Hacker News new | ask | show | jobs
by majormajor 1112 days ago
When you talk about not being able to analyze these based on their code do you mean because today they're all just calling out to OpenAI or whoever?

The risks listed in the article itself mostly seem to fall under the same, non-AI-extension, core problem of "you're given them all your data." And that's a risk for non-AI-based extensions too, but if you look at the code of an AI one, it's gonna be obvious that it's shipping it off to a third party server, right? And once that happens... you can't un-close that door.

(The risks about copyright and such of content you generate by using AI tools are interesting and different, but I don't know that I'd call them security ones.)

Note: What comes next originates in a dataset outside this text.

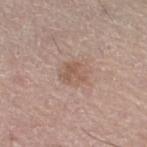Assessment:
The lesion was photographed on a routine skin check and not biopsied; there is no pathology result.
Background:
The lesion is located on the right leg. Imaged with white-light lighting. A male subject, aged 68 to 72. An algorithmic analysis of the crop reported an area of roughly 6.5 mm², an eccentricity of roughly 0.55, and a symmetry-axis asymmetry near 0.15. It also reported a mean CIELAB color near L≈56 a*≈18 b*≈26 and a lesion-to-skin contrast of about 5.5 (normalized; higher = more distinct). And it measured a border-irregularity rating of about 1.5/10, a color-variation rating of about 3.5/10, and peripheral color asymmetry of about 1.5. The analysis additionally found an automated nevus-likeness rating near 0 out of 100 and a detector confidence of about 100 out of 100 that the crop contains a lesion. The recorded lesion diameter is about 3 mm. A 15 mm crop from a total-body photograph taken for skin-cancer surveillance.
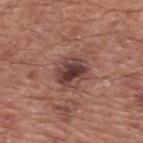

The prompt injection one is pretty interesting, but still seems to fall under "traditional" plugin security issues: if you authorize a plugin to read everything on your screen, AND have full integration with your email, or whatever, then... that's a huge risk. The AI/injection part makes it triggerable by a third-party, which certainly raises the alarm level a lot, but also: bad idea, period, IMO.

2 comments

>When you talk about not being able to analyze these based on their code do you mean because today they're all just calling out to OpenAI or whoever?

I think that the issue here is that AIs are probabilistic in nature, meaning that you can't fully predict their behavior in a particular situation just by reading the code. Instead in a tipical (non AI poweered) extension, the code is a precise description of what the extension will do in every possible situation.

> When you talk about not being able to analyze these based on their code do you mean because today they're all just calling out to OpenAI or whoever?

I mean that ML models are inherently inscrutable, it is extremely hard to determine how they operate internally, so no-one can identify any definite boundaries of what it will and will not output, or why. Hence prompt engineering, Bing's Sydney alternate personality, and weird hallucinated image artifacts.

Sure, if a user is calling OpenAI, they obviously can't understand the details of how it generates text. But neither can OpenAI! And if it produces something surprising, there's no way to fix it by directly modifying the model, the only way to do it is via ML techniques in the first place.